Workshop do Projeto ARGO – Junho/2001

Agreement Problems in Asynchronous Distributed Systems

Michel Hurfin

IRISA/INRIA Rennes (France)

hurfin@irisa.fr

In asynchronous distributed systems prone to crash failures, many problems require all the processes to reach agreement on a decision value. Atomic commitment, total order, and membership are among the most famous and cited agreement problems. All these problems suffer from the impossibility result exhibit by Fischer, Lynch, and Paterson who consider the particular case of the consensus problem. Despite its simple definition, the consensus problem is very representative of the difficulties encountered when solving any other agreement problems. For this main reason, this problem has been intensively studied.
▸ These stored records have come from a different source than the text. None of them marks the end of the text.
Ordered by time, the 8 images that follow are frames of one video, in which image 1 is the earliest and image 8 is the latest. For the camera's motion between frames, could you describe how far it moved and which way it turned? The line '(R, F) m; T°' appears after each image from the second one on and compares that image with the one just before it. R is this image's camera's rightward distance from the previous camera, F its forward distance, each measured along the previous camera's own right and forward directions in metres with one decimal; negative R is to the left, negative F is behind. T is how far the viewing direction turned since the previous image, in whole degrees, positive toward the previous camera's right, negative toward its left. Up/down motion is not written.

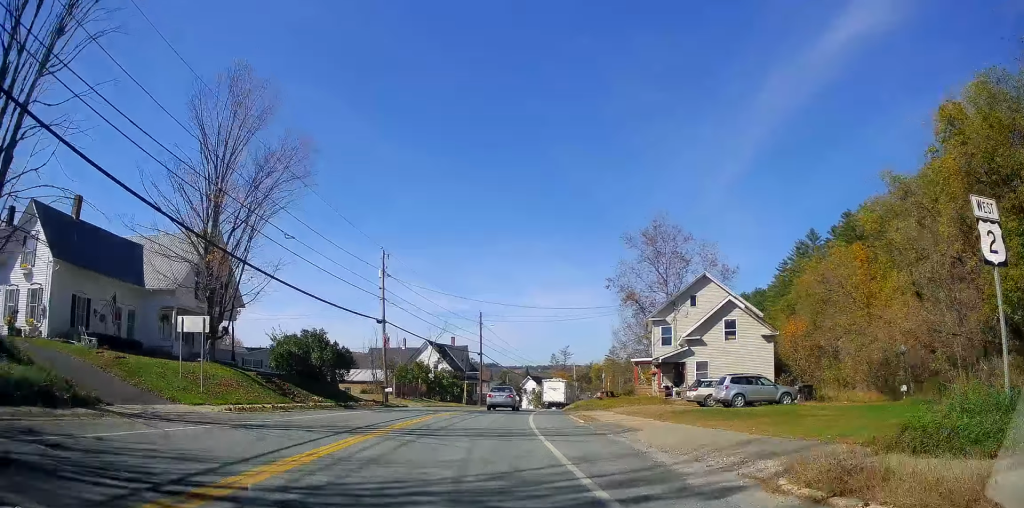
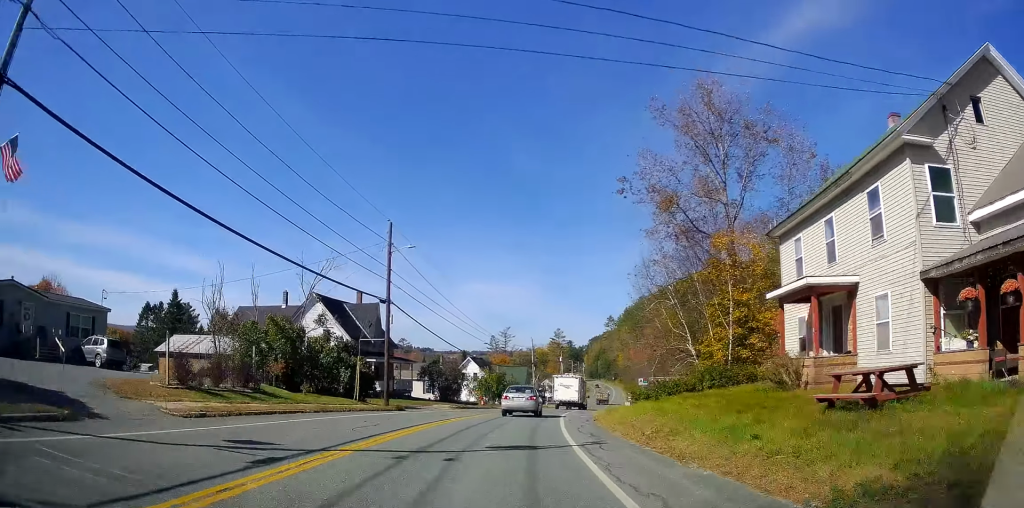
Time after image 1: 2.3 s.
(+0.5, +34.3) m; +7°
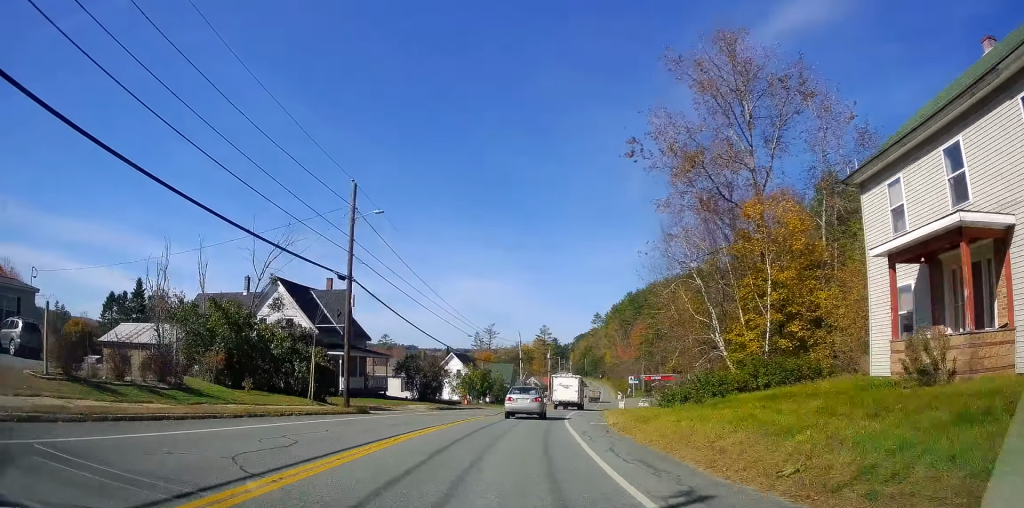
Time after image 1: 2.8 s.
(-0.3, +7.5) m; +4°
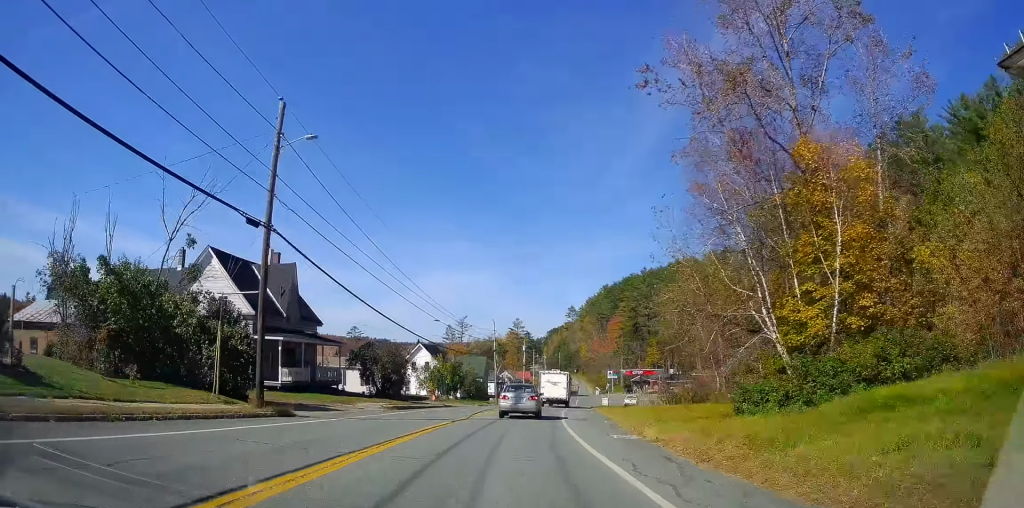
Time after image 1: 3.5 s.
(+1.2, +9.0) m; +5°
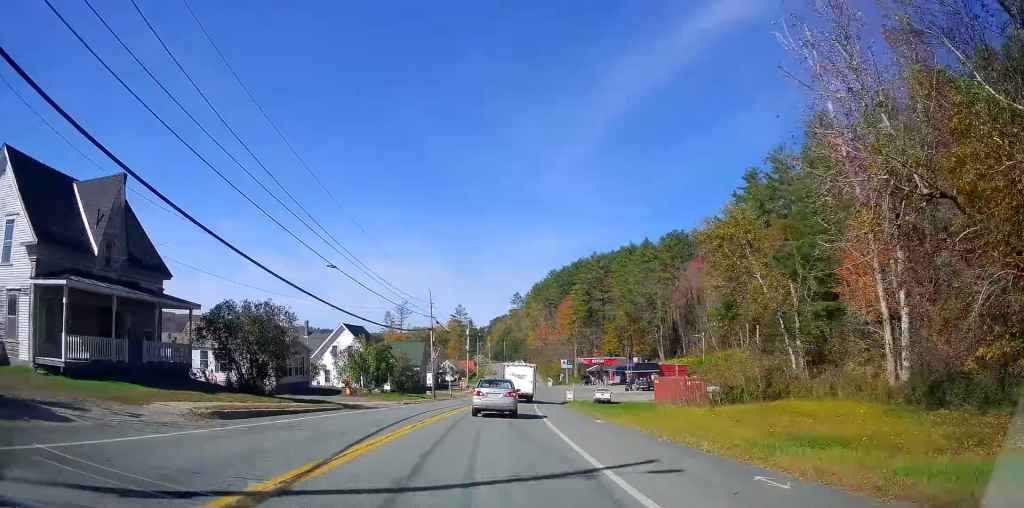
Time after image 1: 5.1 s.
(+0.4, +18.7) m; +3°
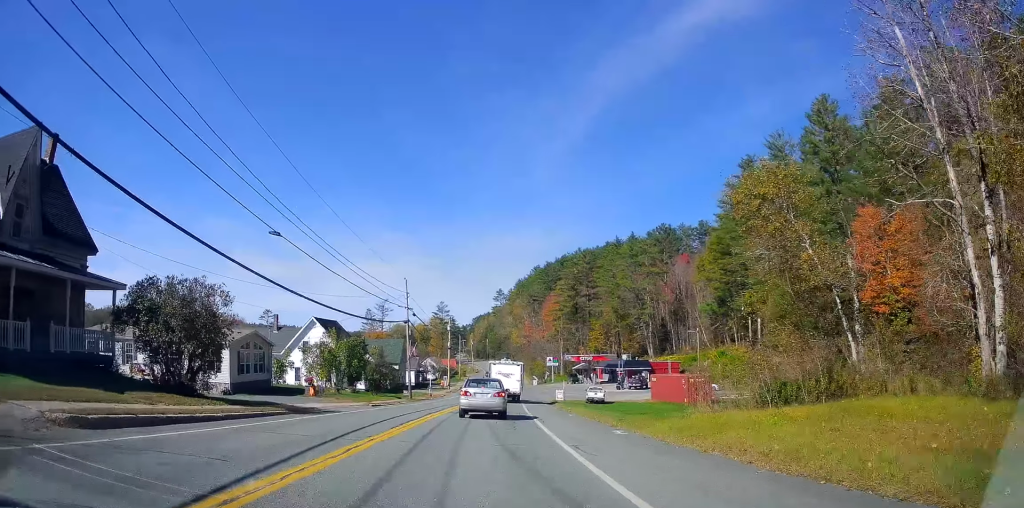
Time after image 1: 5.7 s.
(+0.1, +6.2) m; +2°
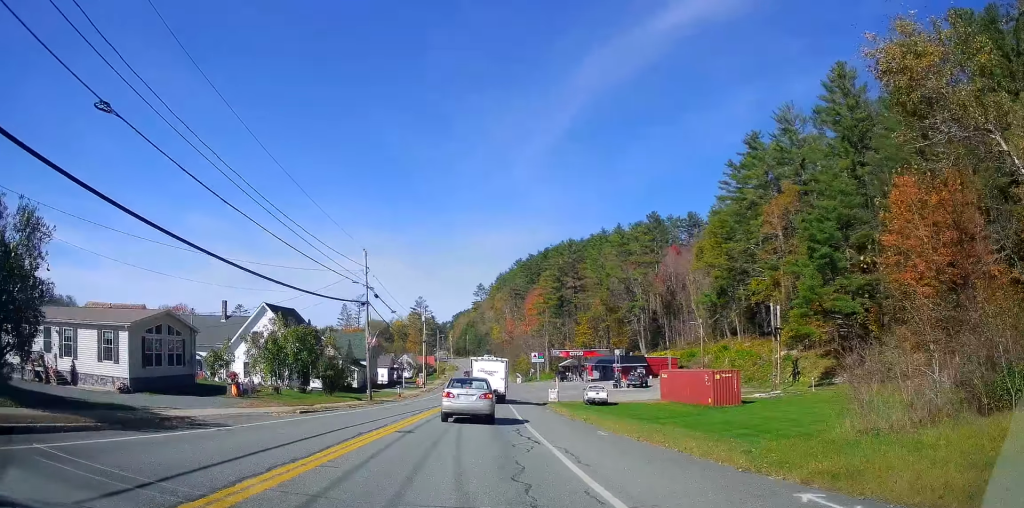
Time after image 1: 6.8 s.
(+0.5, +11.7) m; +7°
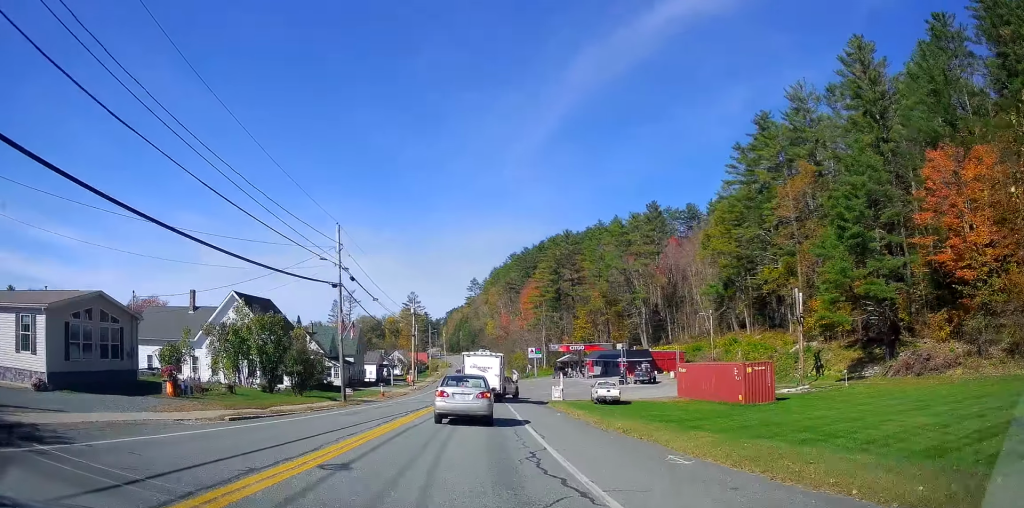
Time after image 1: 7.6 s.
(+0.5, +7.4) m; +1°

In order to overcome this impossibility result, Chandra and Toueg have augmented the asynchronous system model with the notion of Failure Detectors. A Failure Detector is associated with each process of the distributed computation and is responsible for detecting external failures. Suspicions are essentially implemented using time-out mechanisms, which means that (1) the detection of a real failure is usually delayed and (2) a Failure Detector can make mistakes by incorrectly suspecting a process to have crashed. Several classes of Failure Detectors have been defined. All are specified by a completeness property and an accuracy property. A completeness property puts a condition on the detection of crashed processes, while an accuracy property restricts the possible mistakes made by a Failure Detector. The class of Failure Detector called "Diamond S" is very attractive as it has been proved to be the weakest class of failure detectors that allow to solve the consensus problem.
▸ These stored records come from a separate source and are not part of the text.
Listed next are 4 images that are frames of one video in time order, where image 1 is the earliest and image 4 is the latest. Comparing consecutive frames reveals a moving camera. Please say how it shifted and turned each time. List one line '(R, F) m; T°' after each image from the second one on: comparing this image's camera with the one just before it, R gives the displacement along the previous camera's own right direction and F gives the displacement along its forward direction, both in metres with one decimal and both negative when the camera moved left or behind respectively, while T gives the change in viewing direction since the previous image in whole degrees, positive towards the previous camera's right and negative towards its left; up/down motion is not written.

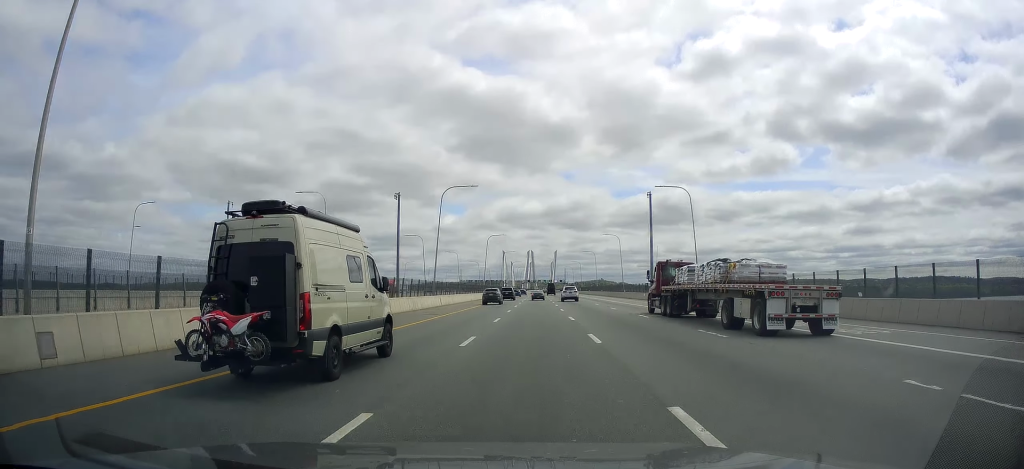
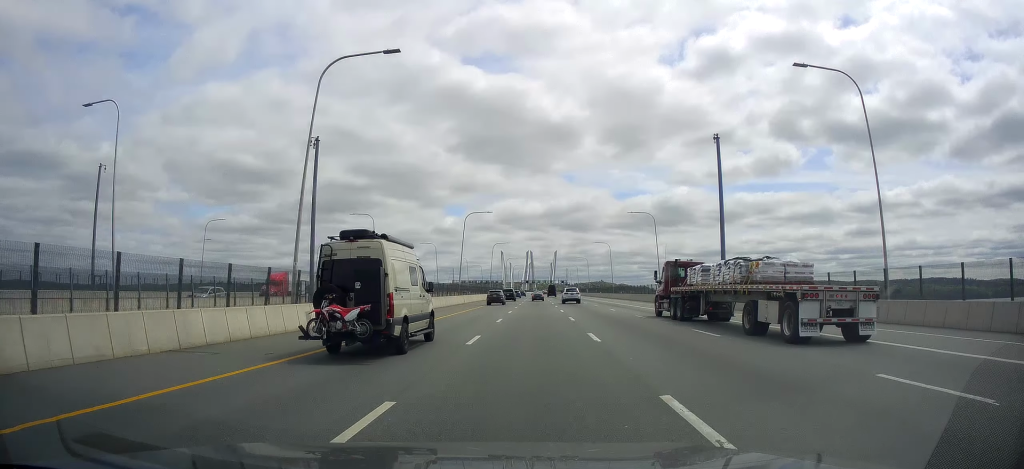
(+0.3, +35.0) m; 0°
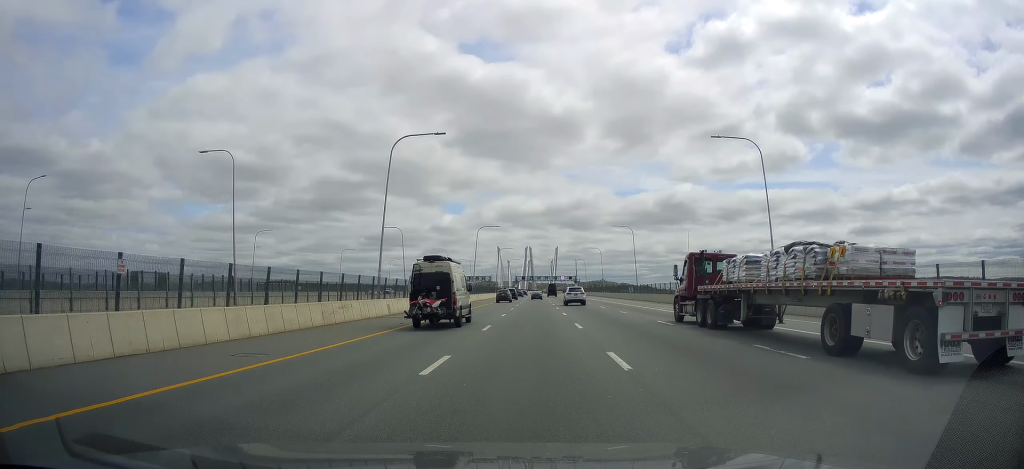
(-0.9, +90.7) m; 0°
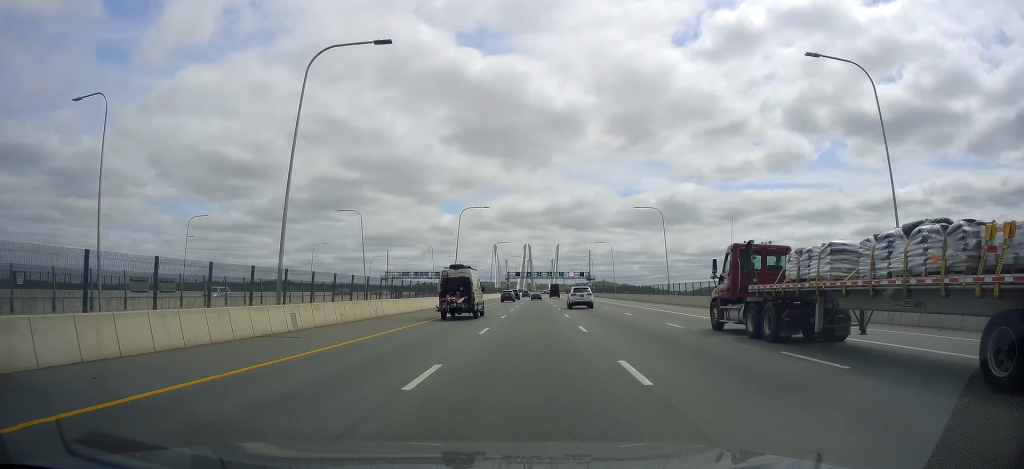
(-0.7, +74.2) m; -1°

During this talk, we will survey several solutions to the consensus problem in asynchronous distributed systems equipped with "Diamond S" failure detectors. All the described solutions have been designed in the ADP research team during the 4 last years. Part of this research has been realized in the context of the INRIA-CNPq ARGO project which aims to develop a consensus-based group communication protocol. The objective of all these works is to define a more efficient and flexible agreement module which can be used to develop a group communication service and more generally to solve any agreement problem in an asynchronous distributed system. Each of these works suggests a particular improvement to the classical approach proposed by Chandra-Toueg 10 years ago. We classifies these works as follows.

 

All the solutions proposed in the literature ensure the validity property (the decision value is one of the proposed value), the agreement property (no two processes adopt different decision values) and the termination property (all the non-crashed processes eventually adopt a decision value). The two last properties which are respectively a safety property and a liveness property can be replaced by weakest properties.

Here, the goal is not to increase the efficiency of the agreement module itself but to increase the significance of its result. Indirectly, it will sometimes reduce the time and message cost of an upper-layer application. In all the cases, the validity property is affected.

The results is a set of proposed value rather than a single one.

A function is applied to the gathered value to generate an output value. The sets of input and output values can be completely deconnected.

During a classical consensus execution, a process proposes a value once and decides once. In fact, if the integrity property forces a process to decide once per consensus execution, the number of proposed values can be equal to zero or even greater than zero.

Crash failure is a particular type of failure. Protocols can be slightly modified to take into account other types of failures as for example, crash-recovery failures or Byzantine failures.

If the local clocks are synchronized then it is possible to define protocols where each round as a fixed duration. In that case, messages used by the consensus protocol (except of course the decision message) can be lost.

Protocols based on a fixed round duration allows to defines constraints on the duration of the whole computation.

References

[1] F. Greve, M. Hurfin, R. Macedo, and M. Raynal. Consensus based on strong failure detectors: Time and message efficient protocol. In Proc. of the Int. Workshop on Fault-Tolerant Parallel and Distributed Systems, number 1800 in LNCS, pages 1258-1267, Cancun, May 2000. Springer Verlag.

[2] F. Greve, M. Hur_n, R. Macedo, and M. Raynal. Time and message efficient s-based consensus. In Proc. of the 19th ACM SIGACT-SIGOPS Int. Symposium on Principles of Distributed Computing (PODC'00),pages 332{332, Portland, OR, Jul 2000. ACM. Brief announcement.

[3] M. Hurfin, R. Macedo, A. Mostefaoui, and M. Raynal. A sliding round window diamond-s-based consensus protocol. In Proc. of the 20th IEEE Int. Symposium on Reliable Distributed Systems (SRDS'01), New Orleans, USA, Oct 2001. IEEE.